Le bateau est remorqué hors du lagon


 

Décapiter la vanne moteur

 

Les 25 chevaux du hors-bord polynésien tractent le petit voilier blanc à travers la passe pour gagner le large. Trois annexes accompagnent la procession. Le soleil brille, la mer est calme. Martin a pris une hache de pompier dans la maison du chef. Cette histoire est devenue la sienne, c’est lui qui doit donner le coup de grâce à ce bateau. Il faut une heure pour arriver au point GPS qu’il a choisi où la carte indique 1200 mètres de fond.
Seul dans la cabine, il décapite la vanne moteur. L’eau jaillit à 70 centimètres. Sans perdre de temps, il frappe l’évacuation des toilettes, la prise d’eau, il frappe encore les deux passe-coques sous l’évier. Rapidement l’eau couvre les planchers. Martin sort du carré sans traîner. Le bateau s’enfonce par l’avant dans l’eau puis se stabilise. Une heure passe.

 

L’eau cesse de monter

Le trismus ne veut pas couler

 
Comme s’il refusait le sort qui l’attend, le Trismus ne veut pas couler. Il dérive vers le récif. Le jeune italien se saisit de la hache et frappe le franc bord à toute volée. La hache rebondit sur la coque à la surprise de tous. Défoncer la paroi du coffre moteur pour permettre l’eau investir librement tout l’intérieur s’avère bien plus efficace. L’effet de carène liquide fait plonger le cul du bateau sous l’eau. Le naufrage s’accélère. Dans un dernier salut, l’étrave pointe vers le ciel avant de s’enfoncer dans l’eau à reculons. Une fois complètement immergé, le Trismus reprend son assiette pour descendre dignement vers les abysses.
Martin n’en revient pas. Il s’est passé plus d’une heure et demie entre le moment où il a ouvert la coque et l’instant où il a fallu quitter le bord. Il avait supposé que l’agonie serait beaucoup plus courte.
 

Pas de réponse

 
Le groupe de naufrageurs volontaires ne pouvait pas se séparer sans exorciser la perte du voilier. Un des bateaux s’est chargé de rédiger un acte de décès du Trismus résumant cette histoire inhabituelle. Autour d’un gâteau orné d’une étrave pointée vers le ciel, chaque participant a reçu une feuille de papier parcheminé, aux bords brûlés, sous forme d’un petit rouleau attaché par un brin de raphia.

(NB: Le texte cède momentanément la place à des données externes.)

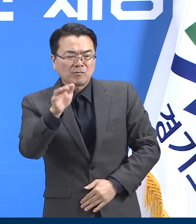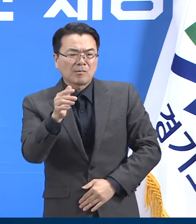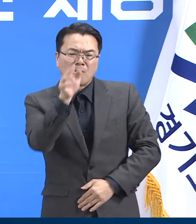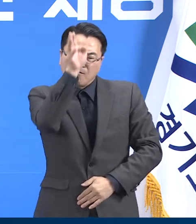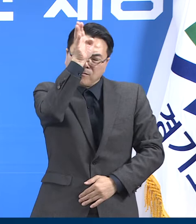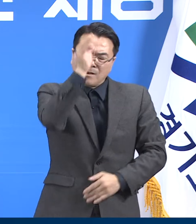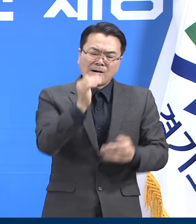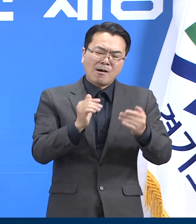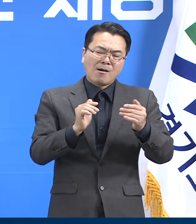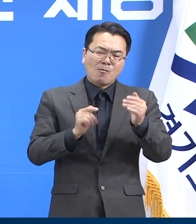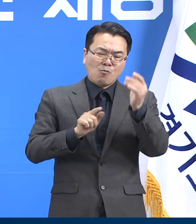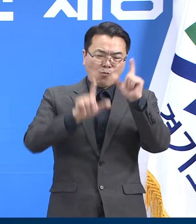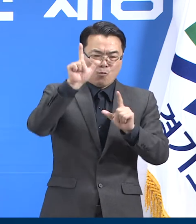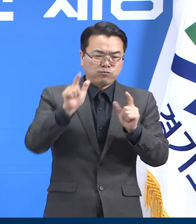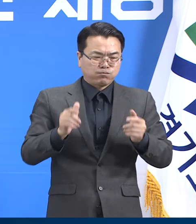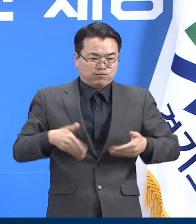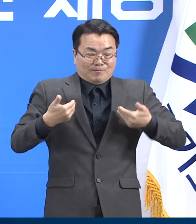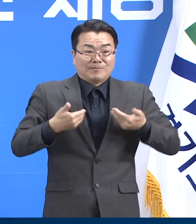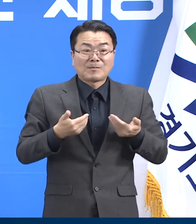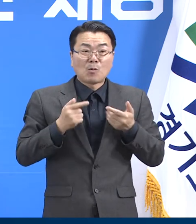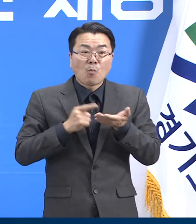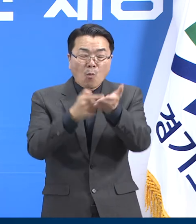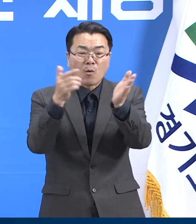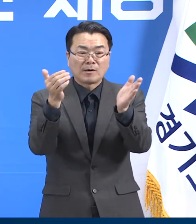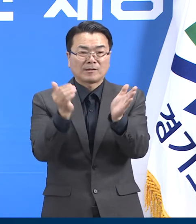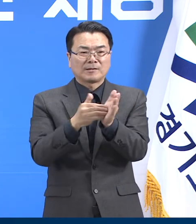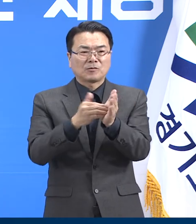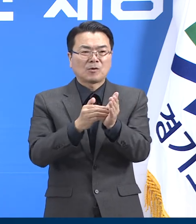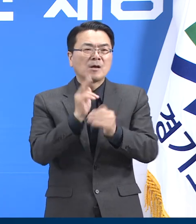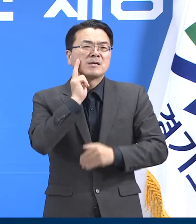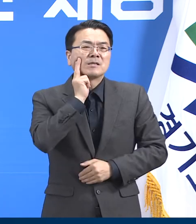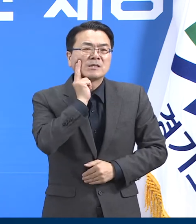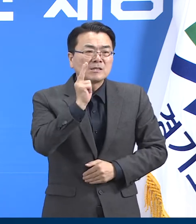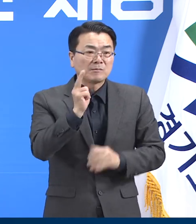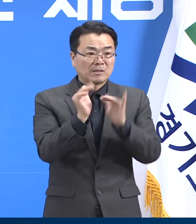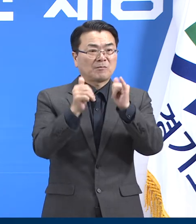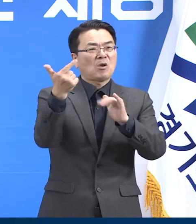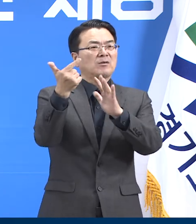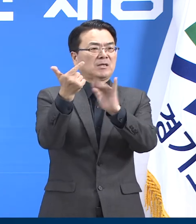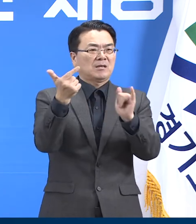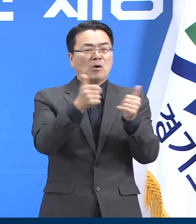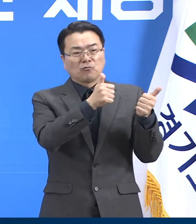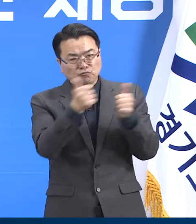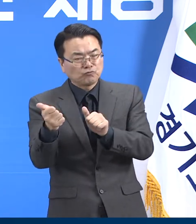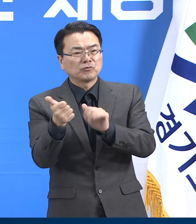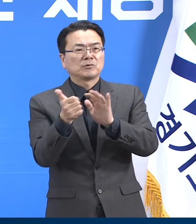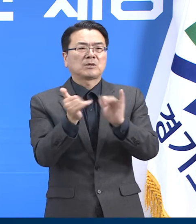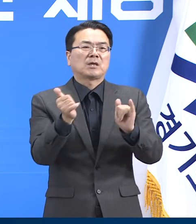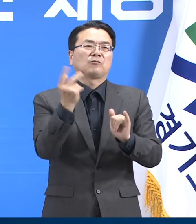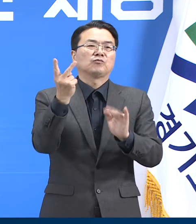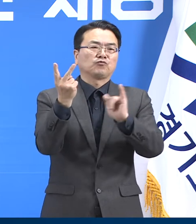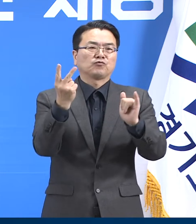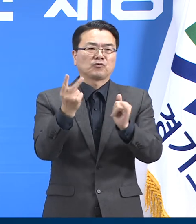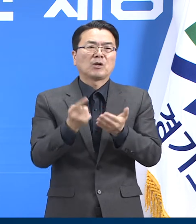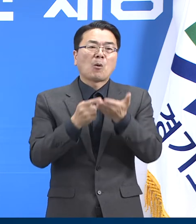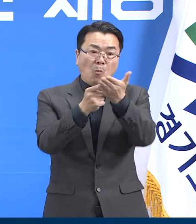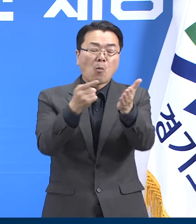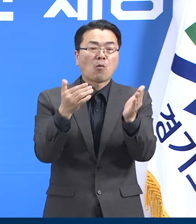대부분은 경증 사례이며 중환자 실기분 등 중증 사례는 6건 사망 사례는 총 2건 보고되었습니다.

La coque résiste aux coups de hache


 
Plus tard, Martin a envoyé l’argent, le parchemin et les photos au propriétaire. Il n’a jamais reçu de réponse.

 

Note :

1/ Les noms de personnes et de lieux ont été changés ou rendus anonymes à la demande de « Martin » qui m’a raconté cette histoire. Il m’a offert tous les éléments nécessaires pour en établir l’authenticité, mais son but (et le mien) n’est pas d’incriminer ou de mettre en cause qui que ce soit dans un récit qui soulève des interrogations légitimes, mais de partager une de ces histoires de bateaux que l’on se raconte le soir au fond des carrés et qui donnent à penser. Chacun se fera un avis.